4719: OPERATING SEGMENT & INTERIM FINANCIAL REPORTS
Reportable Segment (10% Threshold)
A segment is a reportable segment if it meets ANY of the following 10% thresholds:
1) Revenue test: The Internal and External REVENUES of the segment are 10% or more of
the Combined Internal and External Revenues of all segments
2) Profit or Loss Test: The segment result, whether profit or loss, of the segment is 10% or
more of the combined profits of all segments that reported a profit or the combined losses
of all segments that reported a loss, whichever is greater in absolute amount
3) Asset Test: The total ASSETS of the segment are 10% or more of the total assets of all
segments
Note: Indirect OPEX/Common costs may also be allocated based in the ratio of segment P/L before
common costs to total P/L before indirect opex/common costs.
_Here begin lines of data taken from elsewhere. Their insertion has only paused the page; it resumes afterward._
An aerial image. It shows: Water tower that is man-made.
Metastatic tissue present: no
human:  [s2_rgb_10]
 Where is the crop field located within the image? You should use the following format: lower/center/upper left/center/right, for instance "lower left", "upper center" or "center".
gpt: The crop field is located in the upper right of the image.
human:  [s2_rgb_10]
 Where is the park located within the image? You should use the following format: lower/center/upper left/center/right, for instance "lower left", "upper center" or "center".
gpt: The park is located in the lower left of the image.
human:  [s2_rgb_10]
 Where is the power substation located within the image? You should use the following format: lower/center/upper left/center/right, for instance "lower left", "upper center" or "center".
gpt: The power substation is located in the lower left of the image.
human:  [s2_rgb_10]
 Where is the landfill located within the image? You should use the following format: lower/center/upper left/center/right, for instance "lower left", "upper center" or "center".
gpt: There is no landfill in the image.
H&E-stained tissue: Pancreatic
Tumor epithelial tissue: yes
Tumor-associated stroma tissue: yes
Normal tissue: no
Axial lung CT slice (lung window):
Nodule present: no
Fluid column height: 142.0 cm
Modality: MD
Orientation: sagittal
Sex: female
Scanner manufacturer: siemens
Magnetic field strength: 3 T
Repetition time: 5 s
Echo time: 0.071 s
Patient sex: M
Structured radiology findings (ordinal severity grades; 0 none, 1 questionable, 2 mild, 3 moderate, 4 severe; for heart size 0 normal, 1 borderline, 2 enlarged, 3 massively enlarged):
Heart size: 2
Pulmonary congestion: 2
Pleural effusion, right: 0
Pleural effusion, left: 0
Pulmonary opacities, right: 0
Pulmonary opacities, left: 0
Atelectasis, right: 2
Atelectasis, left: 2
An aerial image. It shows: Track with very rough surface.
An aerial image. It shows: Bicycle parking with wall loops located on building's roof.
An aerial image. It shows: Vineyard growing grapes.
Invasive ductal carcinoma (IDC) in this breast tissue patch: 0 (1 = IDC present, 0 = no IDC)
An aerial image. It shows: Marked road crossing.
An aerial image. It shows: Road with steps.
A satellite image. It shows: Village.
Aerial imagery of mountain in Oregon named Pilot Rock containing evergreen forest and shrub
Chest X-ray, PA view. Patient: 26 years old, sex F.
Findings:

For external revenue: 75% rule. Minimum total external revenue of the reportable segment →
75% of total external revenue.
Interim Reporting
→ Financial reporting shorter than a full financial year (e.g. Quarterly Financial Report; Monthly
Financial Report)
Applications to Matching Principle: Bases of Expenses
1) Cause and Effect Association – it is a process that involves the simultaneous or combined
recognition of revenue and expense that result directly and jointly from the same transactions or other
events. (e.g. COGS, Commission expense, Warranty expense under assurance type warranty)
No Revenue → No expense
2) Systematic and Rational Allocation – if an asset provides benefits for several periods, its cost is
allocated to the periods benefited in the absence of a more direct basis for relating the cost to revenue
(e.g. Depreciation expense, Amortization expense, Rent expense for the expired portion of rent paid in
advance)
3) Immediate recognition – In the absence of a direct means of associating cause and effect and the
asset does not provide benefits for several periods, the expense is immediately recognized in the
period incurred. (e.g. Losses from casualties, impairment loss)
Note: Any gain or loss taken to P/L should not be allocated and must be immediate recognized.